Witt vectors and flat liftings of (non)perfect fields

My motivating question is as follows: Why does Theorem 2.1. in Deligne-Illusie's classical work on the Hodge degeneration (EUDML link), i.e. the decomposition theorem, does $$k$$ need to be a perfect field?

As far as I see is what they actually need that $$W_2(k) \rightarrow \mathbb{Z}/p^2$$ is flat, so my more precise question is: How does flatness of $$W_2(k) \rightarrow W_2(\mathbb{F}_p)$$ relate to perfectness of $$k$$? Is there any good reference for (flat) liftings over $$\mathbb{Z}/p^2$$?

This answer is a response to your first question about relating Witt vector flatness with perfectness. The second question (about flat liftings to $$\mathbf{Z}/p^2$$) has a rich literature, see papers that cite Deligne-Illusie (e.g., on mathscinet).
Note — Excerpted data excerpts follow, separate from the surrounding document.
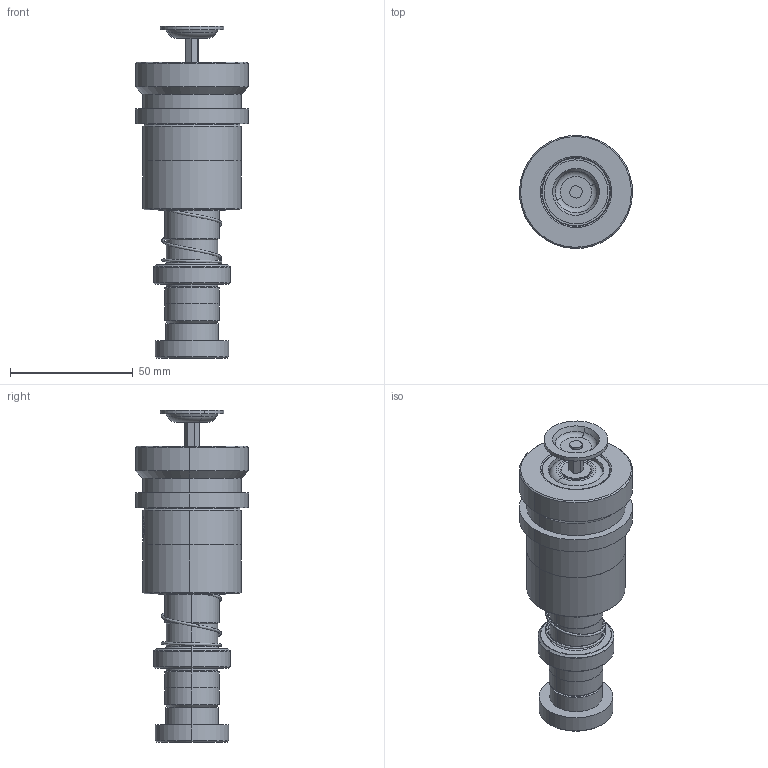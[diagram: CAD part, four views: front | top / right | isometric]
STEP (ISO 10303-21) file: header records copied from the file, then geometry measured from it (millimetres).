
FILE_DESCRIPTION (( 'STEP AP214' ), '1' );
FILE_NAME ('RTSH (RTJH)-D22-L90(BL-60).STEP', '2021-09-08T08:06:11', ( '' ), ( '' ), 'SwSTEP 2.0', 'SolidWorks 2016', '' );
FILE_SCHEMA (( 'AUTOMOTIVE_DESIGN' ));
Length unit declared in the file: millimetre
Products named in the file (251): BALL-D3; GTM-3-縐种; GTM-26郪蚾; TRPM-D22-L90; GTM-26; RTSH (RTJH)-D22-L90(BL-60); DRPM蹟簽D22; BSH-27.5-22.5-L60; HWP-D24.5-d22.5-L40; GTM-M10蹟簽; TRB22-35-25; BSH-D27.5-22.5-L60郪蚾
Assembly tree (243 placements, depth 3):
  BALL-D3
  BALL-D3
  BALL-D3
  BALL-D3
  BALL-D3
Bounding box: 45.95 x 45.95 x 135 mm (x, y, z)
Volume: 102487.4 mm3; surface area: 54052.5 mm2
Topology: 236 solids, 236 shells, 1120 faces, 4637 edges, 3077 vertices
Faces by surface type: sphere 912, cylinder 72, plane 53, cone 40, torus 22, bspline 21
Entity records: 48478 total; most frequent: CARTESIAN_POINT 26906, ORIENTED_EDGE 3768, DIRECTION 3311, EDGE_CURVE 1884, AXIS2_PLACEMENT_3D 1561, VERTEX_POINT 1233, EDGE_LOOP 1129, B_SPLINE_CURVE_WITH_KNOTS 1004
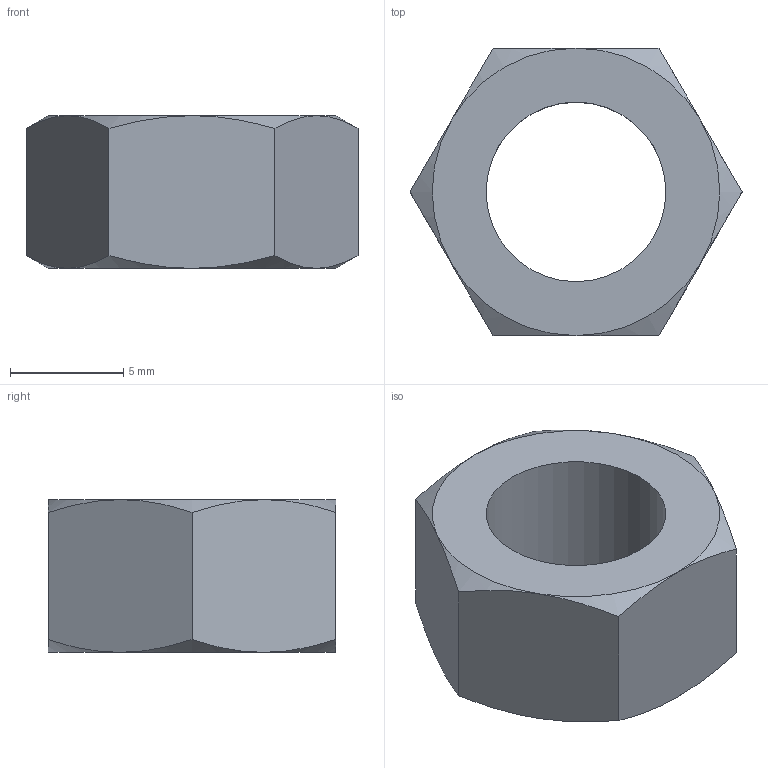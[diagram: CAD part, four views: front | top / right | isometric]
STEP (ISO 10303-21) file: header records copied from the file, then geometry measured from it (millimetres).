
FILE_DESCRIPTION((''),'2;1');
FILE_NAME('HEX NUT 5_16-18.stp','2012-07-02T09:41:30',('stlaus'),(''),'Autodesk Inventor 2011','Autodesk Inventor 2011','');
FILE_SCHEMA(('AUTOMOTIVE_DESIGN { 1 0 10303 214 1 1 1 1 }'));
Length unit declared in the file: inch
Products named in the file (2): Assembly3; NormalHexNut 5_16-18 UNC
Assembly tree (1 placements, depth 2):
  Assembly3
    NormalHexNut 5_16-18 UNC
Bounding box: 14.66 x 12.7 x 6.75 mm (x, y, z)
Volume: 604.1 mm3; surface area: 632.4 mm2
Topology: 1 solids, 1 shells, 21 faces, 45 edges, 26 vertices
Faces by surface type: cone 12, plane 8, cylinder 1
Full cylindrical faces by diameter (mm): 7.938 x1
Entity records: 616 total; most frequent: CARTESIAN_POINT 142, ORIENTED_EDGE 88, DIRECTION 82, EDGE_CURVE 44, AXIS2_PLACEMENT_3D 38, VERTEX_POINT 26, EDGE_LOOP 24, STYLED_ITEM 22
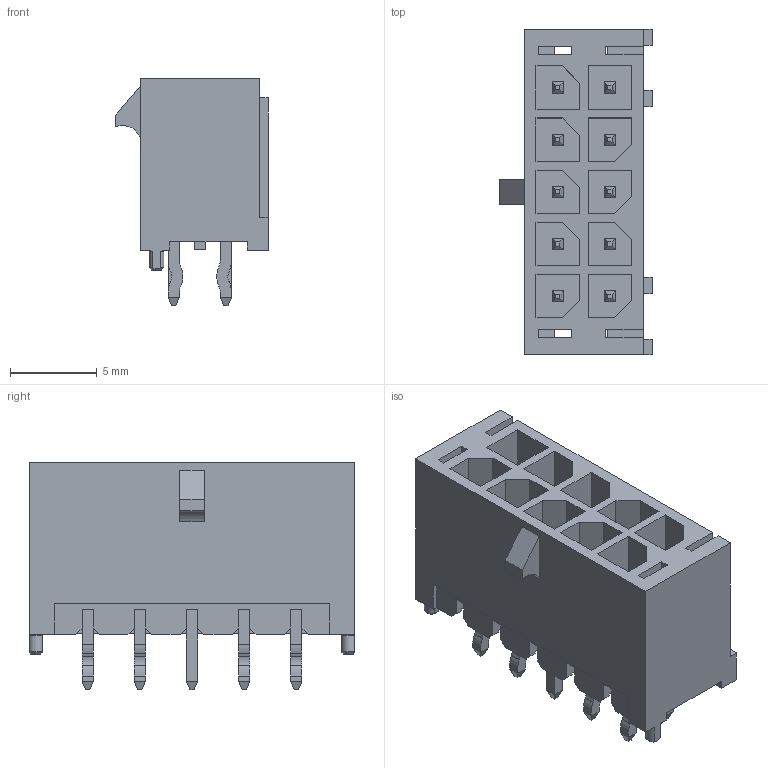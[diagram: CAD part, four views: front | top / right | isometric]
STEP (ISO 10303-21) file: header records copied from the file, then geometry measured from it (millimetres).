
FILE_DESCRIPTION(/* description */ ('Unknown'),/* implementation_level */ '2;1');
FILE_NAME(/* name */ '66201021122',/* time_stamp */ '2022-01-10T16:28:50+01:00',/* author */ ('Unknown'),/* organization */ ('Unknown'),/* preprocessor_version */ 'ST-DEVELOPER v16.7',/* originating_system */ 'Solid Edge',/* authorisation */ 'Unknown');
FILE_SCHEMA (('AUTOMOTIVE_DESIGN {1 0 10303 214 3 1 1}'));
Length unit declared in the file: millimetre
Products named in the file (4): 6620xx21122; 66201021122; 6620xx21122_PIN; 6620xx21122_PIN2
Assembly tree (11 placements, depth 2):
  6620xx21122
    66201021122
    6620xx21122_PIN  x8
    6620xx21122_PIN2  x2
Bounding box: 8.76 x 18.7 x 13.1 mm (x, y, z)
Volume: 807 mm3; surface area: 2042.4 mm2
Topology: 11 solids, 11 shells, 532 faces, 1513 edges, 980 vertices
Faces by surface type: plane 473, cylinder 53, cone 6
Entity records: 11561 total; most frequent: CARTESIAN_POINT 2113, ORIENTED_EDGE 2066, DIRECTION 1741, EDGE_CURVE 1033, LINE 989, VECTOR 989, VERTEX_POINT 682, AXIS2_PLACEMENT_3D 376

Theorem: For any $$\mathbf{F}_p$$-algebra $$R$$, the flatness of $$\mathbf{Z}/p^2 \to W_2(R)$$ is equivalent to the perfectness of $$R$$.

So Deligne-Illusie is in optimal generality.

Let me explain the non-trivial implication. Assume $$W_2(R)$$ is flat over $$\mathbf{Z}/p^2$$. This implies that the image of multiplication by $$p$$ on $$W_2(R)$$ coincides with the kernel of multiplication by $$p$$. In Witt vector notation, we are saying the following:

$$(*)$$ If $$x \in W(R)$$ satisfies $$px \in V^2W(R)$$, then $$x \in pW(R) + V^2W(R)$$.

As $$R$$ is an $$\mathbf{F}_p$$-algebra, we have $$p = V(1)$$, so $$px = V(1)x = VF(x)$$. So the condition that $$px \in V^2W(R)$$ appearing above is equivalent to $$VF(x) \in V^2 W(R)$$. As $$V$$ is always injective, this just means $$F(x) \in VW(R)$$. We have also seen here that $$pW(R) = VFW(R)$$, so $$(*)$$ simplifies to

$$(**)$$ If $$x \in W(R)$$ satisfies $$F(x) \in VW(R)$$, then $$x \in VFW(R) + V^2 W(R) \subset VW(R)$$.

Now let's use $$(**)$$ to see that $$R$$ must be perfect, i.e., its Frobenius is bijective.

Injectivitity of Frobenius: If $$x \in R$$ satisfies $$x^p = 0$$, then $$[x] \in W(R)$$ satisfies $$F([x]) = 0$$. Using $$(**)$$, we get $$[x] \in VW(R)$$. But $$VW(R)$$ is the kernel of the restriction map $$W(R) \to R$$, so the image $$x \in R$$ of $$[x] \in W(R)$$ must be $$0$$.

Surjectivity of Frobenius: Given $$x \in R$$, we have $$pV([x]) = V(1)V([x]) = VFV([x]) = V^2F([x]) \in V^2 W(R)$$ since $$VF = FV$$ as $$R$$ has characteristic $$p$$. Applying $$(**)$$ gives $$y_1,y_2 \in W(R)$$ such that $$V([x]) = VF(y_1) + V^2(y_2)$$. As $$V$$ is injective, this gives $$[x] = F(y_1) + V(y_2)$$. Applying the restriction map down to $$R$$ (which has kernel $$VW(R)$$) shows that $$x$$ is a $$p$$-th power.